Выбрать главу

Философская лирика — так обычно определяют поэзию Тютчева. Но в этом определении уже содержится противоречие, ибо предмет философии — мысль, а предмет лирики — чувство. Нередко мысль губит чувство, или сильное чувство, его жар и туман не дают проявиться и обозначиться мысли.

У Тютчева ум живет вместе с сердцем. Больше того: порой чувство рождается прямо из мысли — точнее сказать, из ее словно бы превосходящей саму эту мысль глубины. Такие шедевры, как “Последний катаклизм”, “Природа — сфинкс...”, “В разлуке есть высокое значенье”, “Умом Россию не понять”, “Нам не дано предугадать”, “Как ни тяжел последний час”, — являют собою, на первый взгляд, чистую мысль, которой место не в поэтической книжке, а в сборнике афоризмов. Но глубина, напряжение, сила, трагизм этой мысли — ее напряженно-живая пульсация! — таковы, что внимает ей — сердце. Просто мысль исчерпаема, и однажды ее осознав, к ней не будешь уже возвращаться с живым интересом; но мысль-чувство Тютчева такова, что к ней обращаешься снова и снова, всякий раз изумляясь: каким это образом в кратком, конечном наборе понятно-обыденных слов живет — бесконечность?

Вместе с мыслями Тютчев нес чувства — даже не чувства, а страсти, кипевшие бури страстей! — которыми так полна была его жизнь и которые он, чтоб не пасть под их натиском, изливал в стихотворные строки. И здесь, как и в области мысли, ему не было равных. Его “лирическая дерзость” изумляет нас даже теперь — когда уже, кажется, мало кого удивишь откровенностью, смелостью речи. Но наглость — это еще не отвага, а всего лишь прикрытая трусость; и разнузданно обнажившейся современной литературе так же далеко до целомудренной откровенности Тютчева, как продажной любви далеко до любви настоящей.
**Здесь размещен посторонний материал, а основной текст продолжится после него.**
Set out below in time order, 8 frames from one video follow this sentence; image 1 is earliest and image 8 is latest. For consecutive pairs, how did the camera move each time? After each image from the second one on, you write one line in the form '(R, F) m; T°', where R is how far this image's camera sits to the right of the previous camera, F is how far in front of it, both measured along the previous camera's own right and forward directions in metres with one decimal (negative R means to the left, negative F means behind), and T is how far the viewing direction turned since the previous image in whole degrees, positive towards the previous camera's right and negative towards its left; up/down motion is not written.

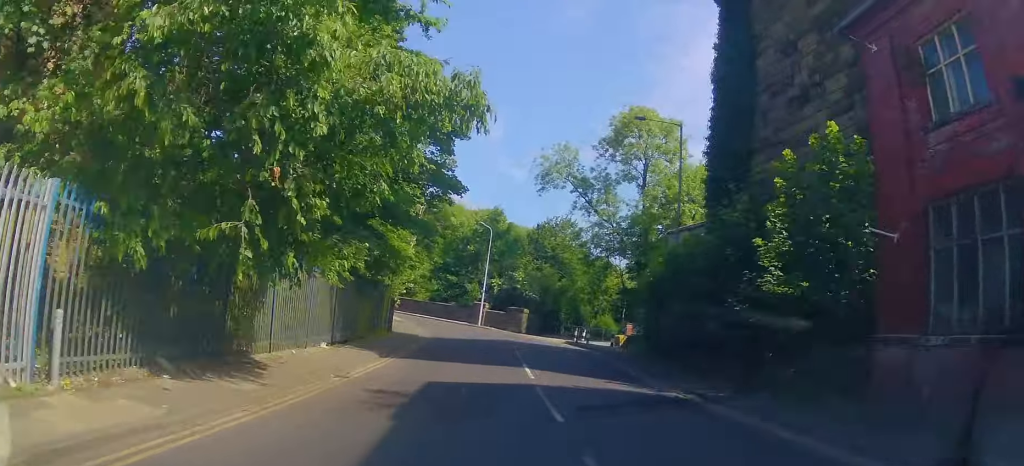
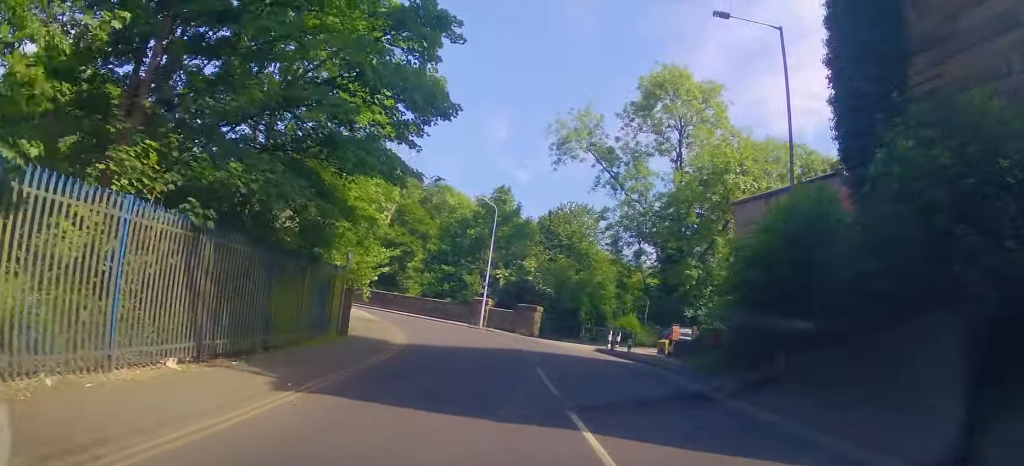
(-0.1, +9.9) m; 0°
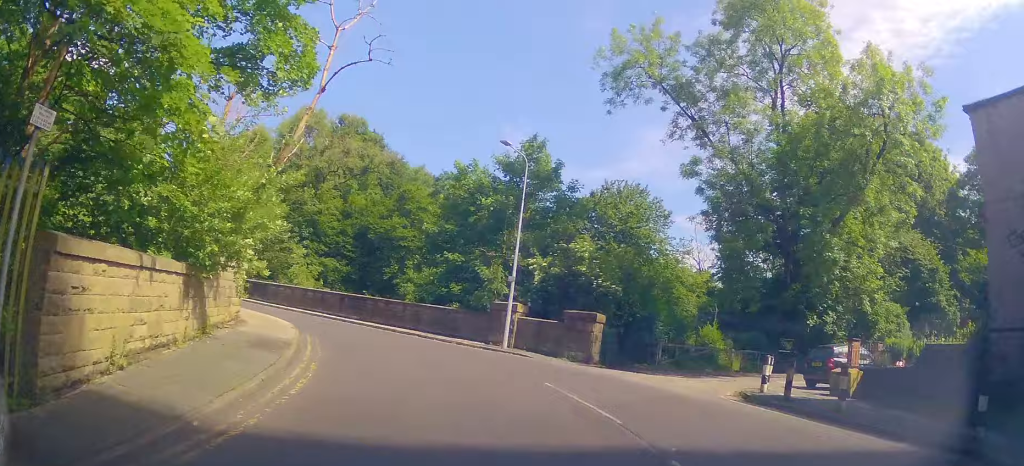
(+0.4, +15.4) m; -2°
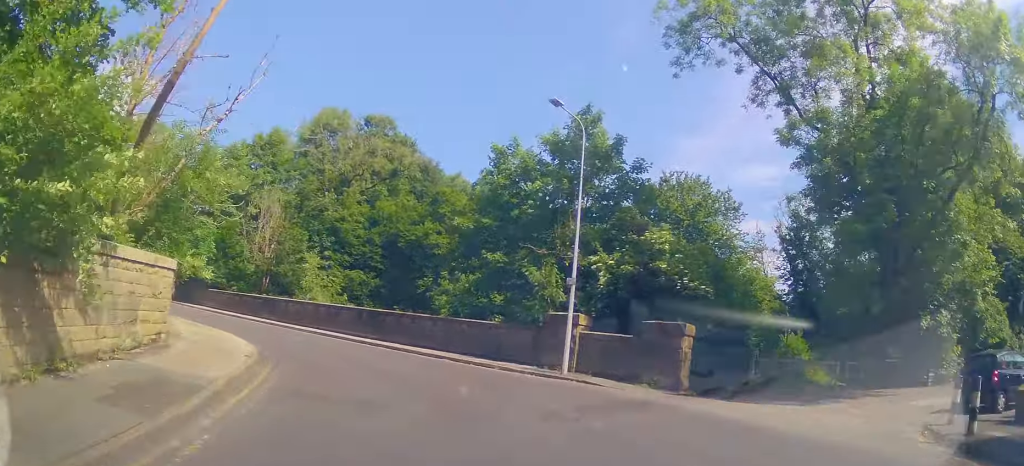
(-0.4, +6.0) m; -5°
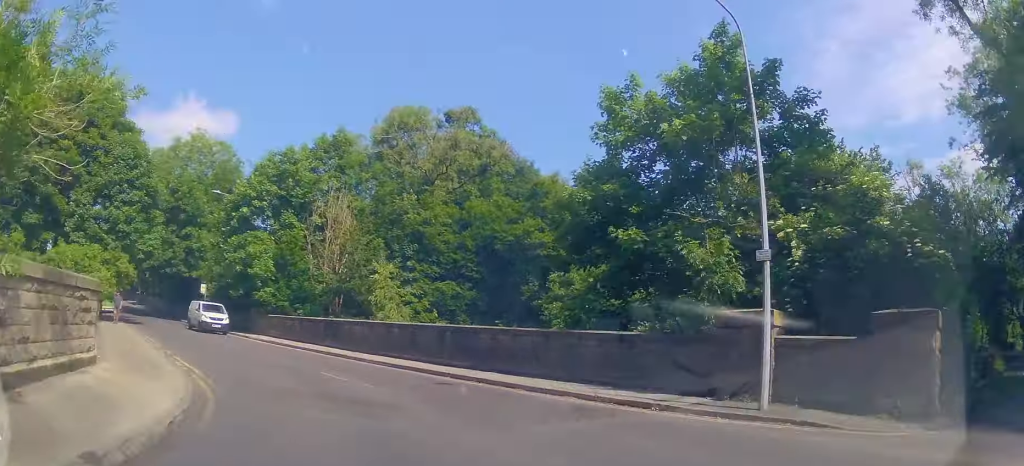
(-0.5, +7.5) m; -7°
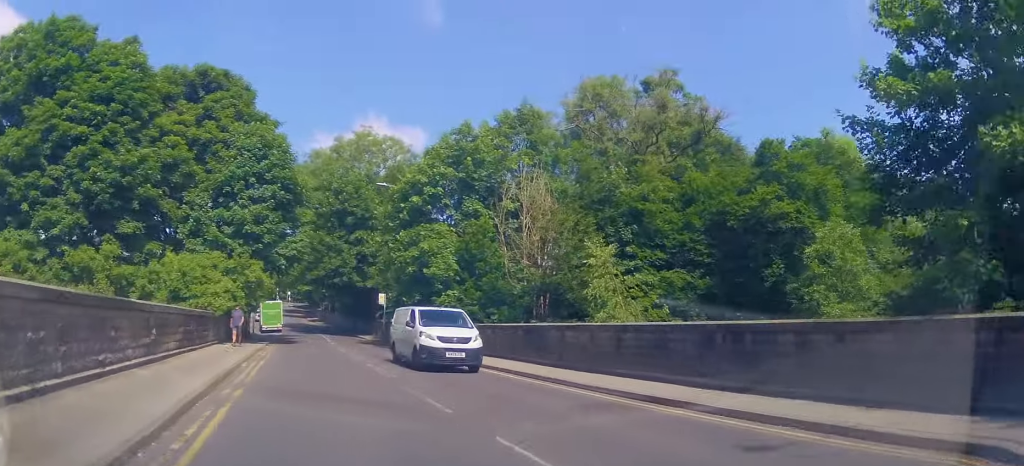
(-0.6, +7.9) m; -24°
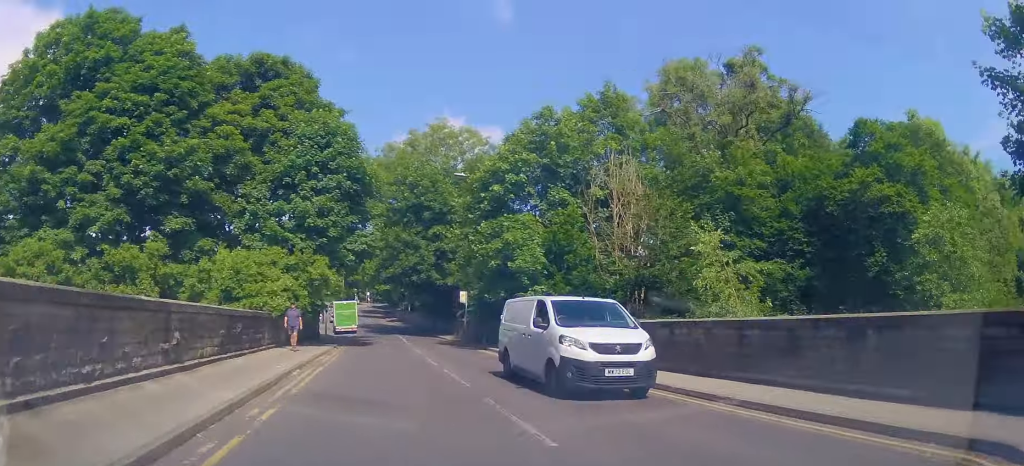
(-0.1, +2.5) m; -9°
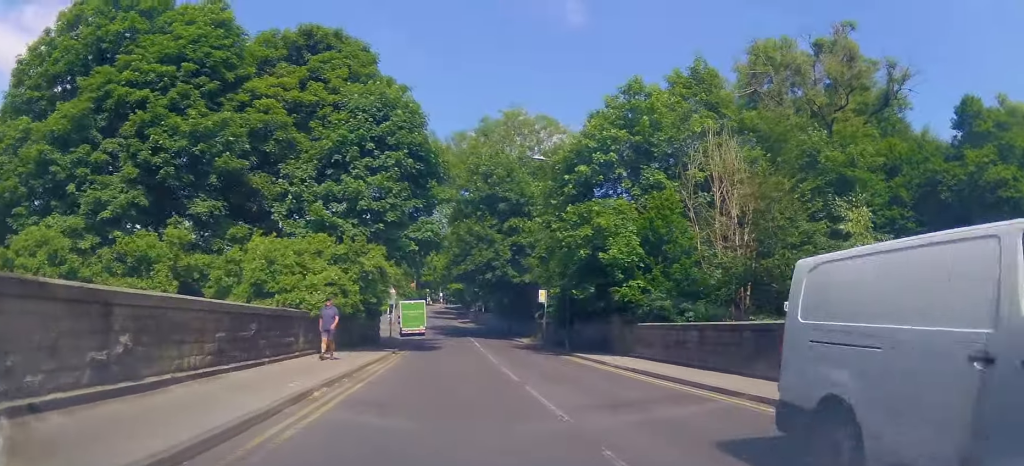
(-1.6, +3.9) m; -11°

Стоит перечитать, например, вот эти две строфы, чтоб понять, что такое есть Эрос — в его первозданной, пугающей силе:

 

Люблю глаза твои, мой друг,

С игрой их пламенно-чудесной,

Когда их приподымешь вдруг

И, словно молнией небесной,

Окинешь бегло целый круг...

 

Но есть сильней очарованья:

Глаза, потупленные ниц

В минуты страстного лобзанья,

И сквозь опущенных ресниц

Угрюмый, тусклый огнь желанья.

 

Недаром же Достоевский считал Тютчева “первым поэтом-философом, которому равного не было, кроме Пушкина” (заметьте: Пушкин здесь — лишь равняется Тютчеву!), а Фет называл его “одним из величайших лириков, существовавших на земле”. Тютчев сумел так свести и сроднить мысль и чувство, что эти два разные качества нашей природы, столь часто враждеб­ные, перестали друг друга теснить — а сошлись в напряженно-живом и прекрасном единстве.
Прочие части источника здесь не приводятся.